Even on the back half of the disc the band still manage to pack in two or three more fast songs, so that those speedier numbers make up the majority of Lyijy, amongst the wrist-cutting slower songs. Lyijy bounces between two moods, one of full-on aggression and another of full-on depression — one often the result of the other. It is an album dedicated to self-destructive habits, a theme that Poisonblack have often played with. They’re not a very subtle about it either, especially when you have a song entitled “Maybe Life Is Not For Everyone” laying there on the track list, that tune being one of the only slower songs on the front part of Lyijy, one suitable to prepare you for songs such as “Them Walls”.
Lyijy represents a new high mark for the band, ranking right up there with Dead Heavy Day, which is great given the slight sense of fatigue that was slowly encroaching after Drive. Maybe the group have realized that they are at their best when they’re doing the fast and self-destructive songwriting. It’s not a metal disc by any means, but it rocks super-hard and is capable of triggering some serious headbanging anyway. It’s hard not to sing along with each song even though some of them make you feel absolutely disgusting afterwords; the lyrics are voiced so earnestly that you can’t help but feel that the protagonist of each song is deadly serious about what he’s saying. You might fault the band for essentially writing what feels like the darker, evil shadow of A Dead Heavy Day, but this sort of aggression and songwriting style is where Poisonblack excel. It’s as if they finally found the even middle ground between Drive and Of Rust And Bones and then went, “Yeah, but what if it drank a lot by itself and constantly held a gun to its head” – and that is what Lyijy is.

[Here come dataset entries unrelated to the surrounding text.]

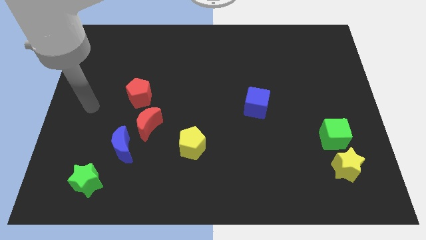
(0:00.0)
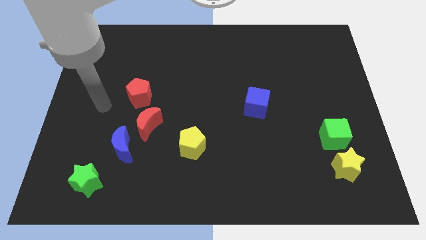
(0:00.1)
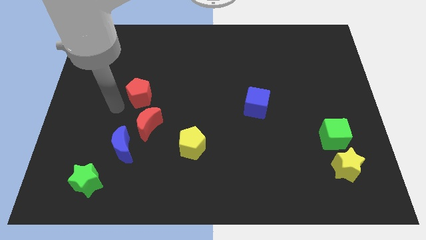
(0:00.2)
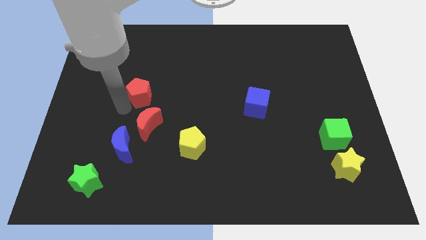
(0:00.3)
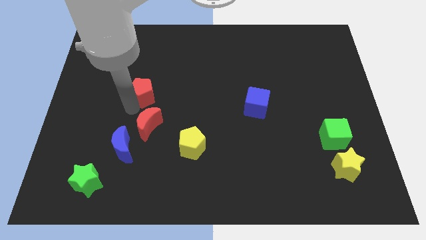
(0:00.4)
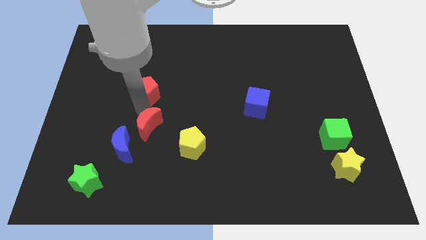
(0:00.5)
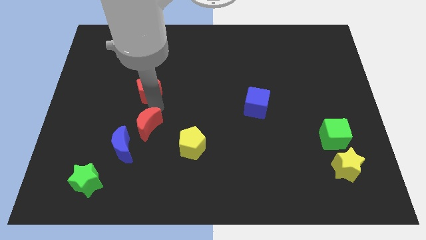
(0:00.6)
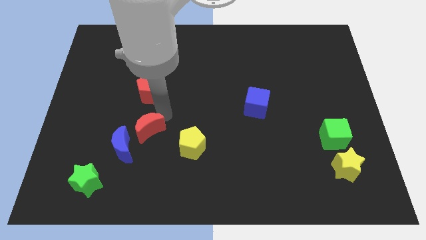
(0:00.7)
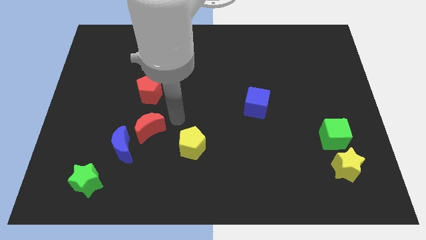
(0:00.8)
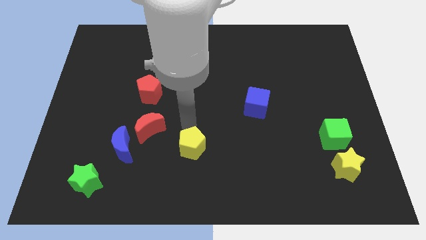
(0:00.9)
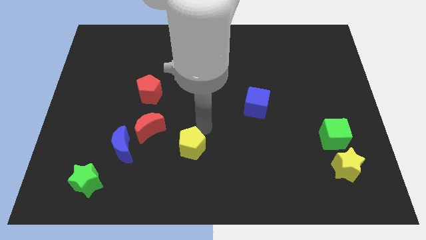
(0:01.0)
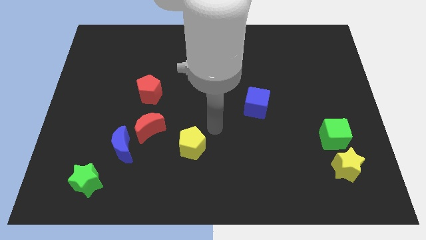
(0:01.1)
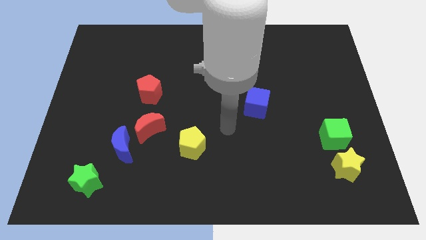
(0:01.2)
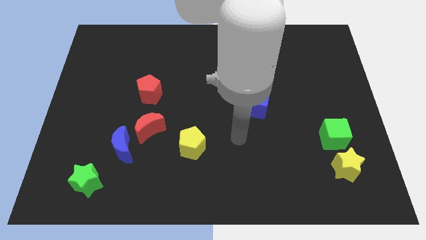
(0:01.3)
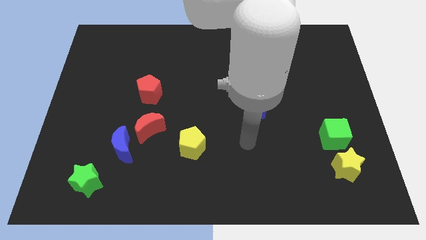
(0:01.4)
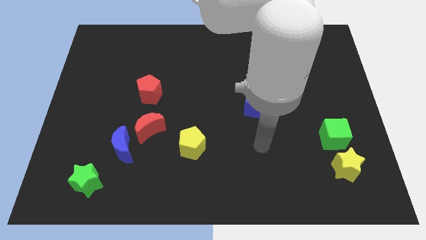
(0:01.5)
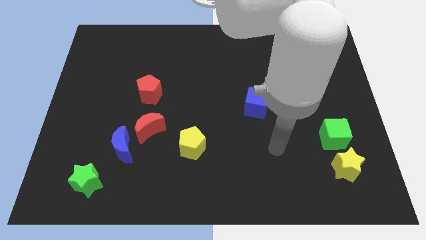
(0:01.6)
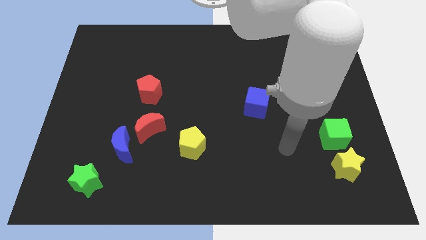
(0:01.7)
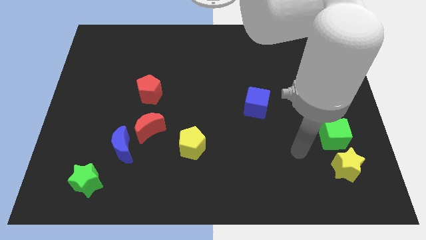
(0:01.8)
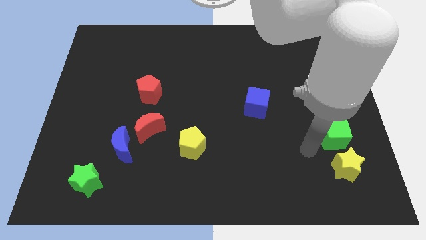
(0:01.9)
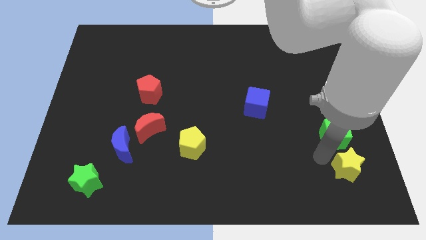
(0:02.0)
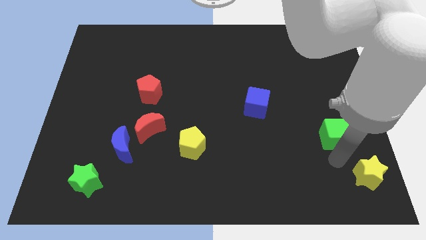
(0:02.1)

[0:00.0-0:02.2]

Here at NO CLEAN SINGING we normally cover crushingly heavy stuff while occasionally reaching outside of that spectrum, with the idea that “If the music is really good, people will appreciate it,” and Lyijy is one of those cases. It’s not super-heavy metal, but it is a really good blues-rock album with a really heavy, self-loathing stomp and it is one worth looking into if you’re fatigued from the endless array of blast beats and shrieks with which we normally supply you.
https://www.facebook.com/pages/Poisonblack/11232455756
http://www.poisonblack.com/site/
good tight, full throttle rock. not an album that i would pick up, but if it came on the car radio i would crank it till the windows rattled
the album is amazing. Poisonblack never fails to get my attention. They are one of the most unique bands I have ever listened too with great lyrics. I just wish they were more popular around the US! Great article!
Such a great album. I’ve been following these guys since their fisrt album and they surprise me at each new release. I like Lyijy’s atmosphere too and I do not agree that Drive is a caricature (except for the first song, Piston Head). Anyway, thanks for the review! I’ve been looking for some review in English. Most of them are in Finnish. Cheers from Brazil!